The Outcomes API is the most immediately useful for production systems. Instead of polling for results, you register a webhook endpoint and receive a callback when the agent completes its task. This simplifies orchestration significantly for long-running jobs.

from fastapi import FastAPI, Request
 
app = FastAPI()
 
@app.post("/agent-webhook")
async def receive_outcome(request: Request):
    payload = await request.json()
 
    agent_id = payload["agent_id"]
    status = payload["status"]  # "completed" | "failed" | "cancelled"
 
    if status == "completed":
        result = payload.get("result")
        await store_result(agent_id, result)
    elif status == "failed":
        error = payload.get("error")
        await handle_failure(agent_id, error)
 
    return {"ok": True}

Designing for Automatic Cleanup

If you're using or planning to use Dreaming, a few patterns help it work well:

Tag entries by importance. If you can mark certain entries as critical (regulatory requirements, user preferences that took effort to capture), you reduce the risk of cleanup removing something that matters.

Don't store ephemeral data. Intermediate results from a single session don't need to persist. Only write to long-term memory what would genuinely be useful in future sessions.

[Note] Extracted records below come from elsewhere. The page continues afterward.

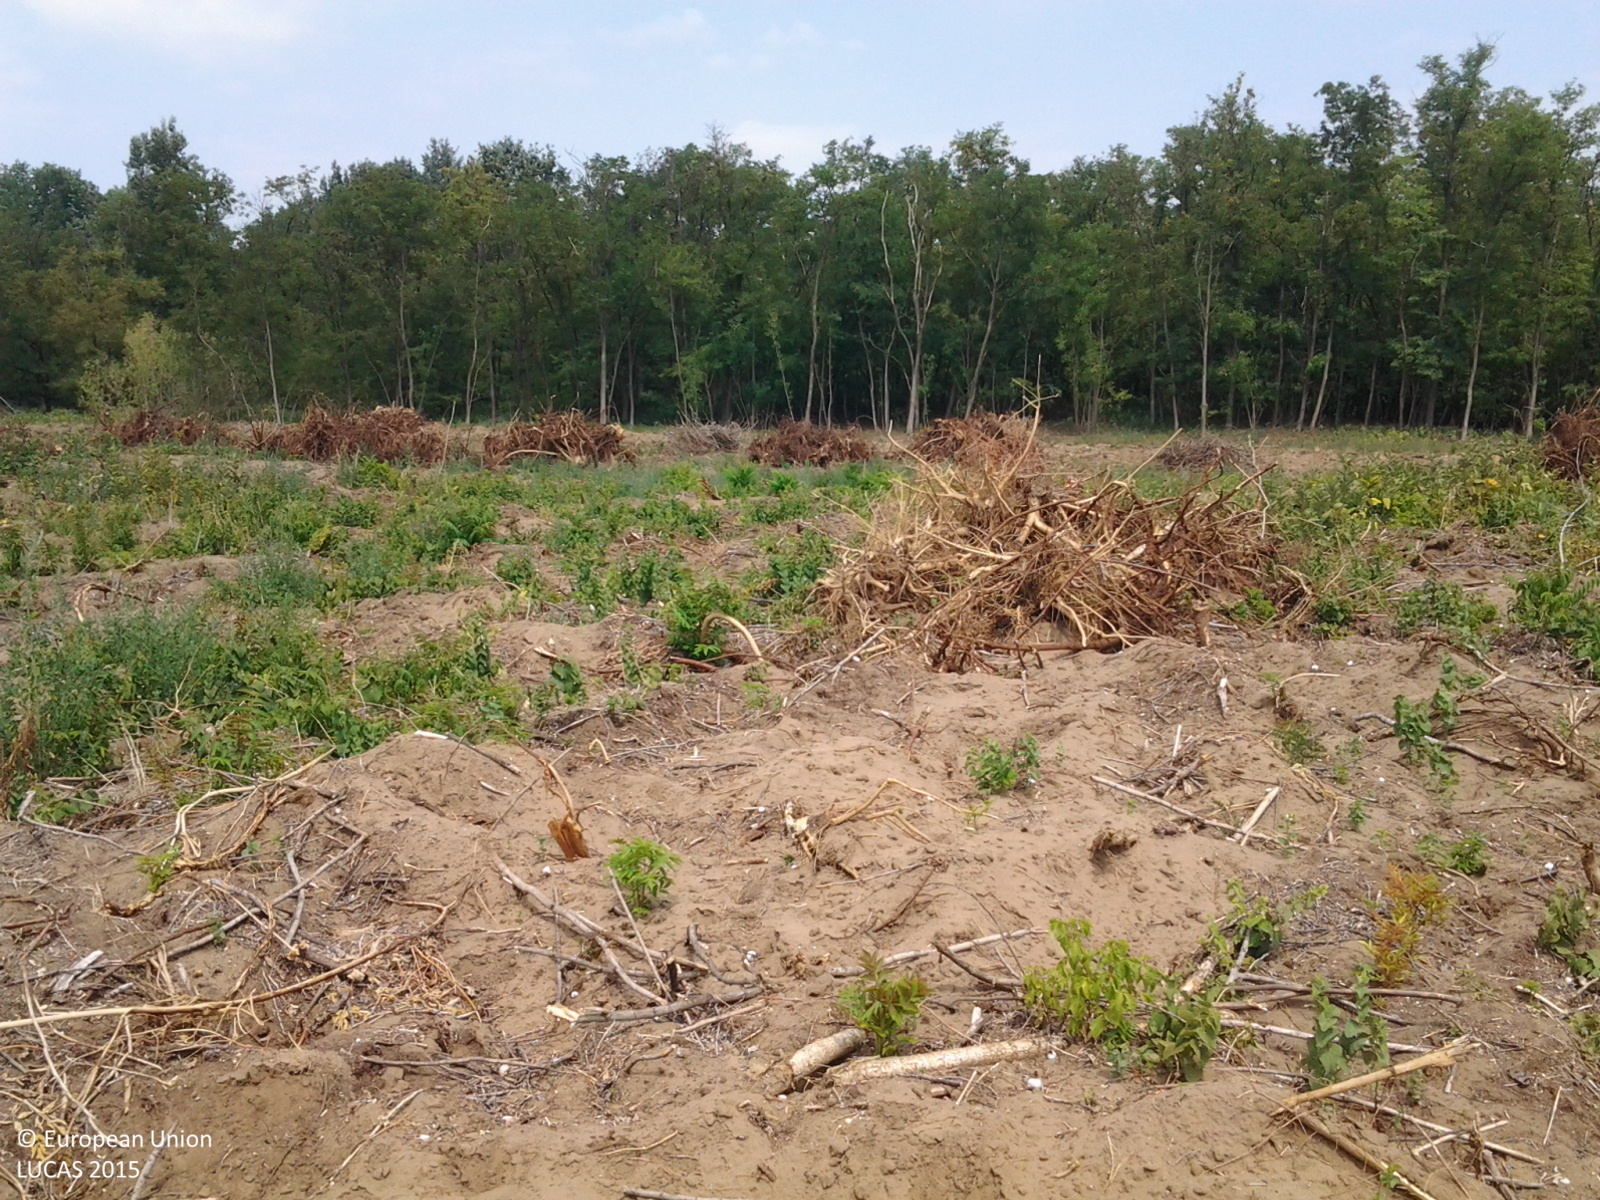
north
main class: Grassland
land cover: Spontaneously vegetated surfaces
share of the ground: 50 - 75 %
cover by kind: herbaceous plants 60 %, unconsolidated bare surface 40 %
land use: Forestry
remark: Clear cut
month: July
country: HU
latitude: 47.4120
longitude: 19.9250
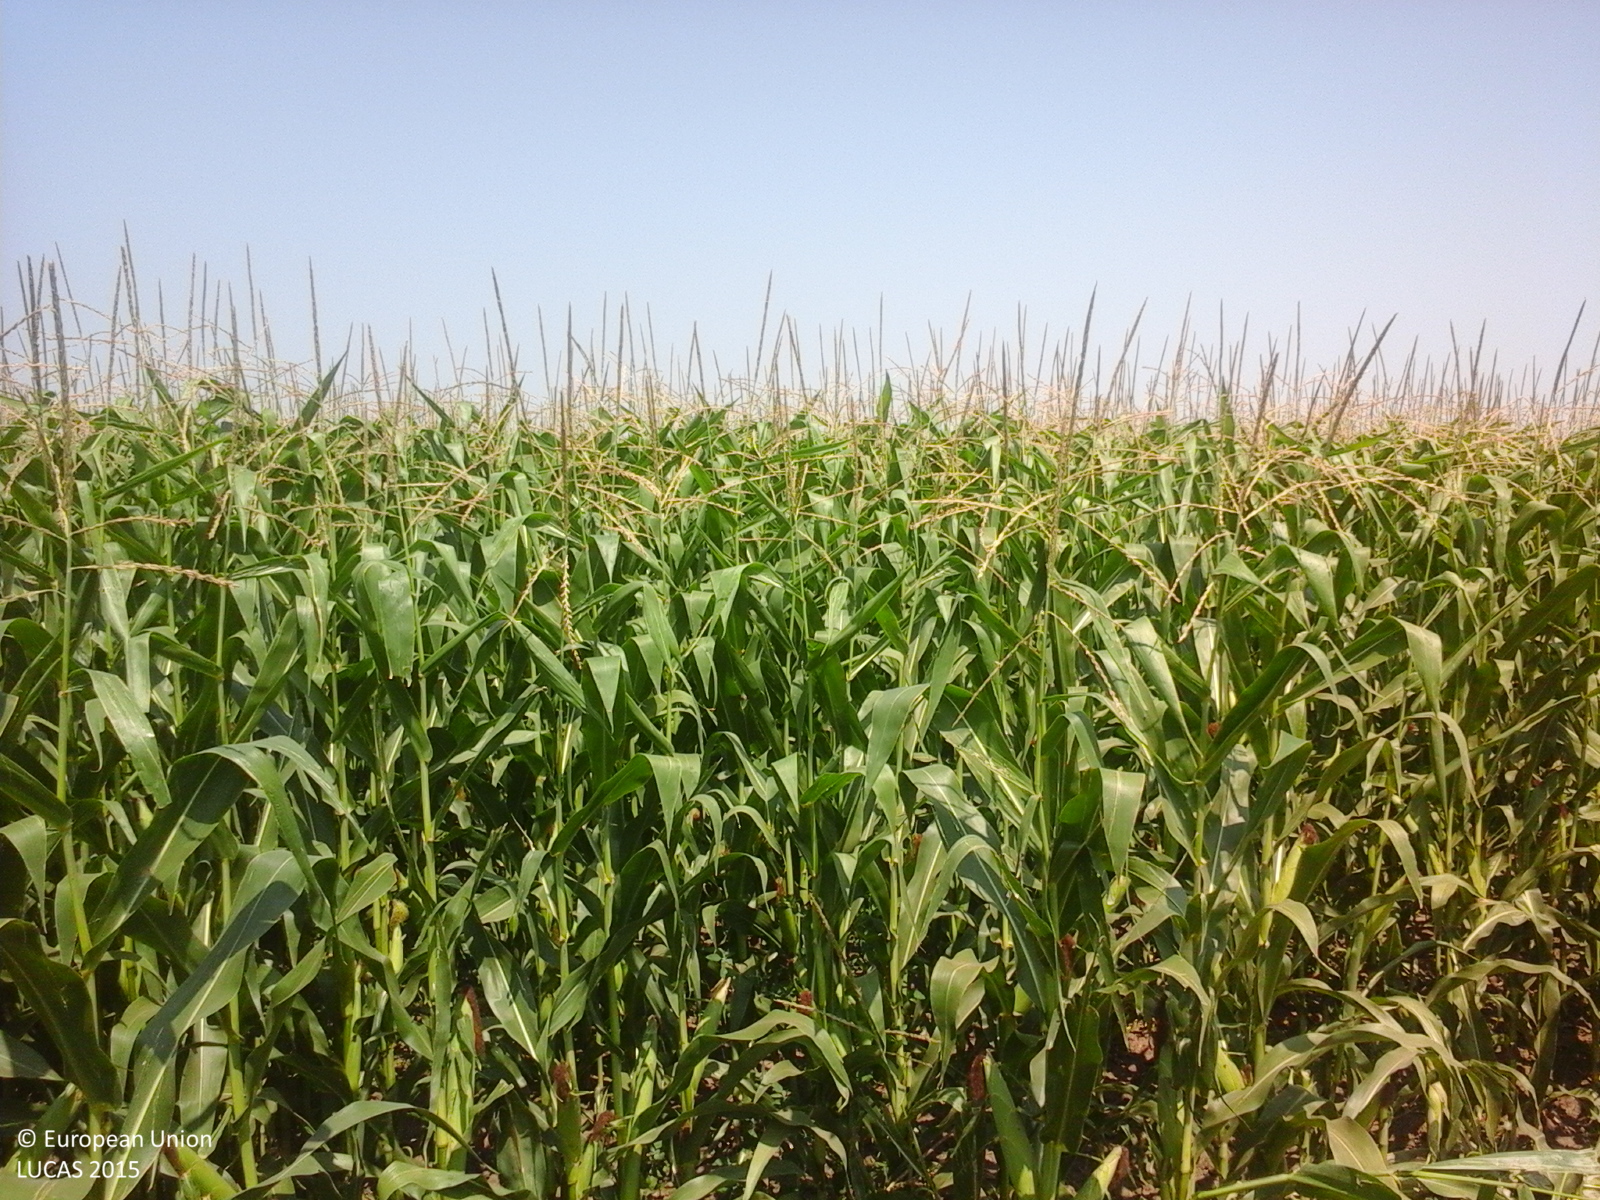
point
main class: Cropland
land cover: Maize
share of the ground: > 75 %
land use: Agriculture (excluding fallow land and kitchen gardens)
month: July
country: RO
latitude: 44.7235
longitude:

from dataclasses import dataclass
from datetime import datetime
from enum import Enum
 
class MemoryTier(Enum):
    PERSISTENT = "persistent"   # User preferences, critical context
    STANDARD = "standard"       # Learned facts, typical notes
    EPHEMERAL = "ephemeral"     # Session-specific, safe to drop
 
@dataclass
class MemoryEntry:
    content: str
    tier: MemoryTier
    created_at: datetime
    tags: list[str]
 
# Only PERSISTENT and STANDARD entries are worth writing to long-term storage
def should_persist(entry: MemoryEntry) -> bool:
    return entry.tier != MemoryTier.EPHEMERAL

Keep memory granular. One fact per entry is easier to merge and evaluate for staleness than a large blob of mixed information.

Our Take

The cost of maintaining agent memory is easy to underestimate. As agents run longer, memory management tends to become the hidden operational work that nobody accounted for at design time. Dreaming addresses a real problem.

That said, the details of how it judges staleness aren't fully documented yet. For business-critical agents — anything making decisions about client data, financial logic, or compliance workflows — we'd recommend auditing memory stores regularly even with Dreaming active. Automated cleanup is useful, but the judgment of what's still relevant often requires human context that the agent doesn't have.